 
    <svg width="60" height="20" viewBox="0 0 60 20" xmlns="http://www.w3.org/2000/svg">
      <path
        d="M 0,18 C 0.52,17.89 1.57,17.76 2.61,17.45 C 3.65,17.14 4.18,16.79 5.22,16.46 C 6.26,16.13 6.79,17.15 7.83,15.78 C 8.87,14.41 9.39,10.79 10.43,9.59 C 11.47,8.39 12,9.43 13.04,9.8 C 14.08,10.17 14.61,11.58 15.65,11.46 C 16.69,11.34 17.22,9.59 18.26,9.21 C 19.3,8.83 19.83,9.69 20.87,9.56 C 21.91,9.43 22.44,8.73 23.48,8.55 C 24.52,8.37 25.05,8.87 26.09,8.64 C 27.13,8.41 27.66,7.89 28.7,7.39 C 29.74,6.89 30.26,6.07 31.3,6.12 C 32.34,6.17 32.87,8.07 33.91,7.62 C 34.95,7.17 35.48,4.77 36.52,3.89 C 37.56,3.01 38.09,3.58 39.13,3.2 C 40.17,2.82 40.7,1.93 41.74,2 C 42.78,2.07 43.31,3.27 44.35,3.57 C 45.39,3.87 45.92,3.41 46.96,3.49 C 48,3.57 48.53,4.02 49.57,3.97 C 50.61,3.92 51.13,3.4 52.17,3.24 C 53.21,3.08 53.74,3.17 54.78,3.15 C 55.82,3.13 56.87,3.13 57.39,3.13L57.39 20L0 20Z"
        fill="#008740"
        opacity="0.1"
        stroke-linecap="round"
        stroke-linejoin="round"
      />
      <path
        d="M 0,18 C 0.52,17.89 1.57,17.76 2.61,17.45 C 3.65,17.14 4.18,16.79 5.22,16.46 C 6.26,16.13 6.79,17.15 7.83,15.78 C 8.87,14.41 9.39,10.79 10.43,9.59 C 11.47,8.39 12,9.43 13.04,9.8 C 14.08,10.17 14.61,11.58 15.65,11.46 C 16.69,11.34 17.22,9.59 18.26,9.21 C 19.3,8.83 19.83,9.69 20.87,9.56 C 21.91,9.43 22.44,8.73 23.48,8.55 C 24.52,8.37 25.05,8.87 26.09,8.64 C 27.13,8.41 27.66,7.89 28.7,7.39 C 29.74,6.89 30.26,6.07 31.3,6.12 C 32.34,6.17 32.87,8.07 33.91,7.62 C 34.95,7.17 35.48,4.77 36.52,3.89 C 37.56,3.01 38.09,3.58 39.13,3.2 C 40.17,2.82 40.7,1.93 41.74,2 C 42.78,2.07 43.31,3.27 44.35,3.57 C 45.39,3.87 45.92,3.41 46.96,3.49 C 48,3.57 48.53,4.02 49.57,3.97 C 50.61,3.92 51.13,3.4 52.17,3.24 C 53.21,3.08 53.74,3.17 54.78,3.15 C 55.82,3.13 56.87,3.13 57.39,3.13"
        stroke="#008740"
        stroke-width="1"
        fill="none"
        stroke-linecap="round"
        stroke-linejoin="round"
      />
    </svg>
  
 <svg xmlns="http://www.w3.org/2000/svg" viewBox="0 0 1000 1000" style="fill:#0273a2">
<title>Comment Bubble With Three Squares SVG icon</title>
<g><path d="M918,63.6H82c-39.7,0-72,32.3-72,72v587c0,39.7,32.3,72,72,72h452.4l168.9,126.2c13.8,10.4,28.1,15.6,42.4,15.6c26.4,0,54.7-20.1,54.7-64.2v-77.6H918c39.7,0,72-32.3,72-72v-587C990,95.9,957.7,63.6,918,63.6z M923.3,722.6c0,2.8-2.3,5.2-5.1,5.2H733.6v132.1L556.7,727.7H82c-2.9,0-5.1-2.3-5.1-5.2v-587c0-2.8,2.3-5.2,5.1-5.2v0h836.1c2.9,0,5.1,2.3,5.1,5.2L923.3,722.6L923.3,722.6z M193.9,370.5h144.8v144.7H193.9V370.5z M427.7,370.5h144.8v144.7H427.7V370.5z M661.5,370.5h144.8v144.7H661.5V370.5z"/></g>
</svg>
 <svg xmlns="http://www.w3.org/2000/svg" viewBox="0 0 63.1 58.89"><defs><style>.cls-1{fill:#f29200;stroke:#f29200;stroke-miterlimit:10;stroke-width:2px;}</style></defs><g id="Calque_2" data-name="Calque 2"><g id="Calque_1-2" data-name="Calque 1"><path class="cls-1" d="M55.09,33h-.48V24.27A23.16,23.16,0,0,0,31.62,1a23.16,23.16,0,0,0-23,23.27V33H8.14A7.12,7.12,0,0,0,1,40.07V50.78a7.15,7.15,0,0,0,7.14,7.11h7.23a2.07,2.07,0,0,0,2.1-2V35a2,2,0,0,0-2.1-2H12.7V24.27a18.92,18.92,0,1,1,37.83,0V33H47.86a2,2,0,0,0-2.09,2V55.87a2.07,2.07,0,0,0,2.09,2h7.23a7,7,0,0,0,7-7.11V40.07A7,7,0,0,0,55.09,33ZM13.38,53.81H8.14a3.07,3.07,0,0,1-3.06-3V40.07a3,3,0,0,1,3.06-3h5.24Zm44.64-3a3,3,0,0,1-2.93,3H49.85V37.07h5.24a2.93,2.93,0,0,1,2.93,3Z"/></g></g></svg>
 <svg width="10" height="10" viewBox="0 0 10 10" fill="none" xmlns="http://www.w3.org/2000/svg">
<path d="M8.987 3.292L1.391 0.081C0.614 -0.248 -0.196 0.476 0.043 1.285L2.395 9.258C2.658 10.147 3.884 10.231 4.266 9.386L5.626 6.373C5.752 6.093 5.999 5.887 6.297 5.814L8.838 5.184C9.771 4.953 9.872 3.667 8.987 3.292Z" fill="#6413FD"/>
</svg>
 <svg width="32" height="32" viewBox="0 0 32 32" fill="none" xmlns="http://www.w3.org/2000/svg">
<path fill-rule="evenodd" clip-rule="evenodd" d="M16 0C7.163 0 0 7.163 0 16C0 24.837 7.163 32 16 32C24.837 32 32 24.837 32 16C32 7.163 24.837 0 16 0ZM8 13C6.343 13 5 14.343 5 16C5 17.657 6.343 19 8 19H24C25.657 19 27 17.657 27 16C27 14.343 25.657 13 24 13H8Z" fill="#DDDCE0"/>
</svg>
**********
• Task item: Could you return the data above exactly as it stands?

• Solution to this exercise:
    <svg width="60" height="20" viewBox="0 0 60 20" xmlns="http://www.w3.org/2000/svg">
      <path
        d="M 0,18 C 0.52,17.89 1.57,17.76 2.61,17.45 C 3.65,17.14 4.18,16.79 5.22,16.46 C 6.26,16.13 6.79,17.15 7.83,15.78 C 8.87,14.41 9.39,10.79 10.43,9.59 C 11.47,8.39 12,9.43 13.04,9.8 C 14.08,10.17 14.61,11.58 15.65,11.46 C 16.69,11.34 17.22,9.59 18.26,9.21 C 19.3,8.83 19.83,9.69 20.87,9.56 C 21.91,9.43 22.44,8.73 23.48,8.55 C 24.52,8.37 25.05,8.87 26.09,8.64 C 27.13,8.41 27.66,7.89 28.7,7.39 C 29.74,6.89 30.26,6.07 31.3,6.12 C 32.34,6.17 32.87,8.07 33.91,7.62 C 34.95,7.17 35.48,4.77 36.52,3.89 C 37.56,3.01 38.09,3.58 39.13,3.2 C 40.17,2.82 40.7,1.93 41.74,2 C 42.78,2.07 43.31,3.27 44.35,3.57 C 45.39,3.87 45.92,3.41 46.96,3.49 C 48,3.57 48.53,4.02 49.57,3.97 C 50.61,3.92 51.13,3.4 52.17,3.24 C 53.21,3.08 53.74,3.17 54.78,3.15 C 55.82,3.13 56.87,3.13 57.39,3.13L57.39 20L0 20Z"
        fill="#008740"
        opacity="0.1"
        stroke-linecap="round"
        stroke-linejoin="round"
      />
      <path
        d="M 0,18 C 0.52,17.89 1.57,17.76 2.61,17.45 C 3.65,17.14 4.18,16.79 5.22,16.46 C 6.26,16.13 6.79,17.15 7.83,15.78 C 8.87,14.41 9.39,10.79 10.43,9.59 C 11.47,8.39 12,9.43 13.04,9.8 C 14.08,10.17 14.61,11.58 15.65,11.46 C 16.69,11.34 17.22,9.59 18.26,9.21 C 19.3,8.83 19.83,9.69 20.87,9.56 C 21.91,9.43 22.44,8.73 23.48,8.55 C 24.52,8.37 25.05,8.87 26.09,8.64 C 27.13,8.41 27.66,7.89 28.7,7.39 C 29.74,6.89 30.26,6.07 31.3,6.12 C 32.34,6.17 32.87,8.07 33.91,7.62 C 34.95,7.17 35.48,4.77 36.52,3.89 C 37.56,3.01 38.09,3.58 39.13,3.2 C 40.17,2.82 40.7,1.93 41.74,2 C 42.78,2.07 43.31,3.27 44.35,3.57 C 45.39,3.87 45.92,3.41 46.96,3.49 C 48,3.57 48.53,4.02 49.57,3.97 C 50.61,3.92 51.13,3.4 52.17,3.24 C 53.21,3.08 53.74,3.17 54.78,3.15 C 55.82,3.13 56.87,3.13 57.39,3.13"
        stroke="#008740"
        stroke-width="1"
        fill="none"
        stroke-linecap="round"
        stroke-linejoin="round"
      />
    </svg>
  
 <svg xmlns="http://www.w3.org/2000/svg" viewBox="0 0 1000 1000" style="fill:#0273a2">
<title>Comment Bubble With Three Squares SVG icon</title>
<g><path d="M918,63.6H82c-39.7,0-72,32.3-72,72v587c0,39.7,32.3,72,72,72h452.4l168.9,126.2c13.8,10.4,28.1,15.6,42.4,15.6c26.4,0,54.7-20.1,54.7-64.2v-77.6H918c39.7,0,72-32.3,72-72v-587C990,95.9,957.7,63.6,918,63.6z M923.3,722.6c0,2.8-2.3,5.2-5.1,5.2H733.6v132.1L556.7,727.7H82c-2.9,0-5.1-2.3-5.1-5.2v-587c0-2.8,2.3-5.2,5.1-5.2v0h836.1c2.9,0,5.1,2.3,5.1,5.2L923.3,722.6L923.3,722.6z M193.9,370.5h144.8v144.7H193.9V370.5z M427.7,370.5h144.8v144.7H427.7V370.5z M661.5,370.5h144.8v144.7H661.5V370.5z"/></g>
</svg>
 <svg xmlns="http://www.w3.org/2000/svg" viewBox="0 0 63.1 58.89"><defs><style>.cls-1{fill:#f29200;stroke:#f29200;stroke-miterlimit:10;stroke-width:2px;}</style></defs><g id="Calque_2" data-name="Calque 2"><g id="Calque_1-2" data-name="Calque 1"><path class="cls-1" d="M55.09,33h-.48V24.27A23.16,23.16,0,0,0,31.62,1a23.16,23.16,0,0,0-23,23.27V33H8.14A7.12,7.12,0,0,0,1,40.07V50.78a7.15,7.15,0,0,0,7.14,7.11h7.23a2.07,2.07,0,0,0,2.1-2V35a2,2,0,0,0-2.1-2H12.7V24.27a18.92,18.92,0,1,1,37.83,0V33H47.86a2,2,0,0,0-2.09,2V55.87a2.07,2.07,0,0,0,2.09,2h7.23a7,7,0,0,0,7-7.11V40.07A7,7,0,0,0,55.09,33ZM13.38,53.81H8.14a3.07,3.07,0,0,1-3.06-3V40.07a3,3,0,0,1,3.06-3h5.24Zm44.64-3a3,3,0,0,1-2.93,3H49.85V37.07h5.24a2.93,2.93,0,0,1,2.93,3Z"/></g></g></svg>
 <svg width="10" height="10" viewBox="0 0 10 10" fill="none" xmlns="http://www.w3.org/2000/svg">
<path d="M8.987 3.292L1.391 0.081C0.614 -0.248 -0.196 0.476 0.043 1.285L2.395 9.258C2.658 10.147 3.884 10.231 4.266 9.386L5.626 6.373C5.752 6.093 5.999 5.887 6.297 5.814L8.838 5.184C9.771 4.953 9.872 3.667 8.987 3.292Z" fill="#6413FD"/>
</svg>
 <svg width="32" height="32" viewBox="0 0 32 32" fill="none" xmlns="http://www.w3.org/2000/svg">
<path fill-rule="evenodd" clip-rule="evenodd" d="M16 0C7.163 0 0 7.163 0 16C0 24.837 7.163 32 16 32C24.837 32 32 24.837 32 16C32 7.163 24.837 0 16 0ZM8 13C6.343 13 5 14.343 5 16C5 17.657 6.343 19 8 19H24C25.657 19 27 17.657 27 16C27 14.343 25.657 13 24 13H8Z" fill="#DDDCE0"/>
</svg>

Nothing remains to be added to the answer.